Der Auszubildende zum Metallbauer erlitt mit seinem Motorrad auf dem Weg von seiner Arbeitsstelle nach Hause einen Unfall, da ihm ein Auto die Vorfahrt genommen hatte. Er trug Verletzungen an beiden Füßen sowie am rechten Handgelenk davon. Alles kein Problem, mag man meinen. Doch zum Unfallzeitpunkt war der Mann bereits 1,4 km vom direkten üblichen Heimweg abgewichen. Deshalb weigerte sich die Berufsgenossenschaft, den Unfall entsprechend als Arbeitsunfall anzuerkennen. Es sei zwar nach ihren Ermittlungen zutreffend, dass an dem Unfalltag auf der betreffenden Autobahn ein Stau gewesen sei, jedoch sei der von dem Azubi gewählte Weg verkehrsbedingt nicht nachzuvollziehen. Der Auszubildende sah das anders und meinte, dass sich durch den Stau auf der Autobahn auch auf anderen Straßen ein erheblicher Rückstau gebildet hatte, weshalb er lediglich verkehrsbedingt einen Bogen gefahren sei, um nach Hause zu kommen. Schließlich musste das SG entscheiden.

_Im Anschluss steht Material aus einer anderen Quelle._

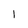
Character: 1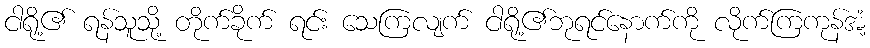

Das SG schloss sich der Meinung der Berufsgenossenschaft an. Der Motorradfahrer hatte keinen durch die Wegeunfallversicherung geschützten Weg mehr zurückgelegt. Es wurden keine überzeugenden Gründe vorgelegt, die es rechtfertigen würden, den Auszubildenden unter den Schutz der Wegeunfallversicherung zu stellen.

Hinweis: Es besteht also kein gesetzlicher Unfallversicherungsschutz bei einer erheblich weitgefassten Umfahrung eines Staus.